We passed Amherst and Walden on the way up. Emily and Henry. The leaves were amazing, and the bridge crossing into Maine...no Technicolor film was ever so bright.

I am going to make a big photo post shortly, but I did want to say I'm here, a small ceramic wastebasket was sacrificed to the gods of moving but nothing else was damaged in the trip, the leaves are lovely and the island is wonderful--there is even a bar that is having an election night party and the bartender's name is Hutch and he rode his bike by the house to give us the number of some guys who could help us move the piano. Everyone is friendly. There is Ocean. The dogs think this is the greatest place ever and Grimmy informs the neighborhood hourly that she is the Boss of It.
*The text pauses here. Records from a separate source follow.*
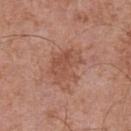notes=total-body-photography surveillance lesion; no biopsy
anatomic site=the front of the torso
patient=male, aged 68 to 72
illumination=white-light illumination
lesion size=~4.5 mm (longest diameter)
acquisition=~15 mm tile from a whole-body skin photo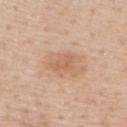Located on the upper back.
The tile uses white-light illumination.
Longest diameter approximately 2.5 mm.
A 15 mm close-up tile from a total-body photography series done for melanoma screening.
The patient is a male aged approximately 60.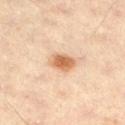Imaged during a routine full-body skin examination; the lesion was not biopsied and no histopathology is available.
Approximately 3 mm at its widest.
A male patient, in their 60s.
Cropped from a total-body skin-imaging series; the visible field is about 15 mm.
This is a cross-polarized tile.
The lesion is on the right thigh.
Automated tile analysis of the lesion measured an average lesion color of about L≈62 a*≈20 b*≈36 (CIELAB), a lesion–skin lightness drop of about 12, and a normalized border contrast of about 8.5. The analysis additionally found a border-irregularity rating of about 1.5/10, a within-lesion color-variation index near 3.5/10, and a peripheral color-asymmetry measure near 1. It also reported an automated nevus-likeness rating near 100 out of 100.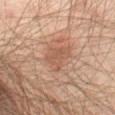{
  "biopsy_status": "not biopsied; imaged during a skin examination",
  "image": {
    "source": "total-body photography crop",
    "field_of_view_mm": 15
  },
  "patient": {
    "sex": "male",
    "age_approx": 65
  },
  "lighting": "cross-polarized",
  "site": "abdomen",
  "lesion_size": {
    "long_diameter_mm_approx": 3.5
  }
}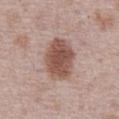Part of a total-body skin-imaging series; this lesion was reviewed on a skin check and was not flagged for biopsy.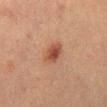Q: Was this lesion biopsied?
A: no biopsy performed (imaged during a skin exam)
Q: Who is the patient?
A: female, roughly 55 years of age
Q: Lesion location?
A: the right lower leg
Q: How was this image acquired?
A: ~15 mm tile from a whole-body skin photo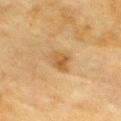Clinical impression: Part of a total-body skin-imaging series; this lesion was reviewed on a skin check and was not flagged for biopsy. Background: Located on the chest. The recorded lesion diameter is about 3 mm. This is a cross-polarized tile. The subject is a male in their mid-80s or older. A region of skin cropped from a whole-body photographic capture, roughly 15 mm wide.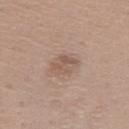Q: Was a biopsy performed?
A: imaged on a skin check; not biopsied
Q: What are the patient's age and sex?
A: female, roughly 60 years of age
Q: What lighting was used for the tile?
A: white-light illumination
Q: What kind of image is this?
A: ~15 mm tile from a whole-body skin photo
Q: What is the anatomic site?
A: the front of the torso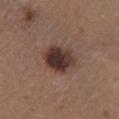<record>
  <biopsy_status>not biopsied; imaged during a skin examination</biopsy_status>
</record>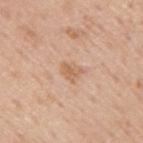Recorded during total-body skin imaging; not selected for excision or biopsy. A 15 mm crop from a total-body photograph taken for skin-cancer surveillance. A male patient aged 73–77. This is a white-light tile. Located on the right upper arm. About 2.5 mm across.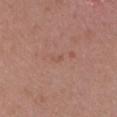The lesion was tiled from a total-body skin photograph and was not biopsied.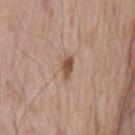Imaged during a routine full-body skin examination; the lesion was not biopsied and no histopathology is available. The total-body-photography lesion software estimated a lesion color around L≈51 a*≈20 b*≈28 in CIELAB, roughly 13 lightness units darker than nearby skin, and a lesion-to-skin contrast of about 9 (normalized; higher = more distinct). It also reported a border-irregularity rating of about 3.5/10, internal color variation of about 1.5 on a 0–10 scale, and a peripheral color-asymmetry measure near 0.5. A male patient aged approximately 65. On the chest. A 15 mm close-up extracted from a 3D total-body photography capture.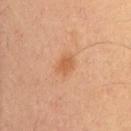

It is SOOOO quiet at night. And so dark. It's like there's no one here at all. I wonder what it's like in the summer, with all the tourists.

The house, like any rental, has things I love (HUGE wraparound porch, adorable living room with stained glass in the windows, formal dining room, hardwood floors downstairs, a little windowseat in the guest room that makes me feel like a princess in a tower, our awesome enormous yard with witchy gnarled trees) and things I don't (kitchen floor is old and ugly, there is some rust on one of the kitchen cabinets, previous tenants did not clean the house and there are a few pieces of the landlord's furniture inexplicably still here keeping us from getting all our stuff in, also the upstairs scares me and makes me feel like we're the young, idealistic couple in a Stephen King novel--there is a scary closet full of old stuff and none of the other closets' doorknobs work, also there is a dirt basement where bodies are CLEARLY being hidden. I will never, ever go down there. If we could get a rod-and-curtain to put over the door so I don't have to see it or think about it, I would be much put at ease.)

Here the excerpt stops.